The default location for the inventory file is /etc/ansible/hosts, we can specify different file at the run of the command line using -i
We can organize our list of host be creating and nesting groups, that make scaling easy and let us take advantage of the full flexibility and repeatability of Ansible.
A good practice is to use dynamic inventory for more flexibility, and use the FQDN to define hosts rather than IPs.
We can store in the inventories aliases, variable for single with host vars
or multiple hosts with group var
inventory parameters:
- alias
- ansible_host
- ansible_connection <ssh / winrm / localhost >
- ansible_port
- ansible_user
- ansible_ssh_pass / ansible_password
---
[NAME_HOST] # group names
ip/FQDNs # Host_1
[NAME_GROUP_HOST] # group names [NAME_GROUP_HOST:children] # group of groups
ip/FQDNs # Host_2
ip/FQDNs # Host_3
A good practice is to create the group_vars
directory and add directories named after the groups or hosts, so all the groups will have the vriables defined in theses files available to them, this can be very useful to keep the variables organized this way when a single file gets too big, or when we want to use Vault on some group variables.

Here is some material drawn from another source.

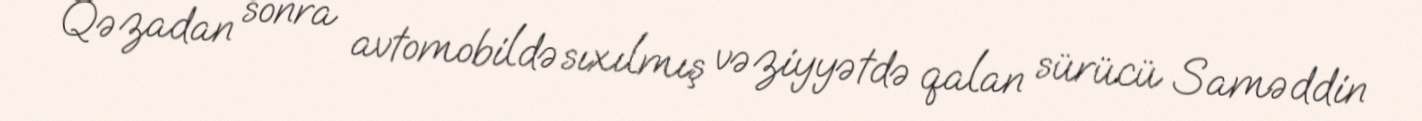
Qəzadan sonra avtomobildə sıxılmış vəziyyətdə qalan sürücü Saməddin

we can group hosts by environment [test, stagn, prod, ...]
This make harder to accidentally change state of node inside the test environment when actualy wanted to update some staging servers
We can group hosts by functions[ DB, web, service_x,... ]
This allows us to define some characteristics of a group of same service
We can group hosts by theres locations[ location_1,location_2,... ]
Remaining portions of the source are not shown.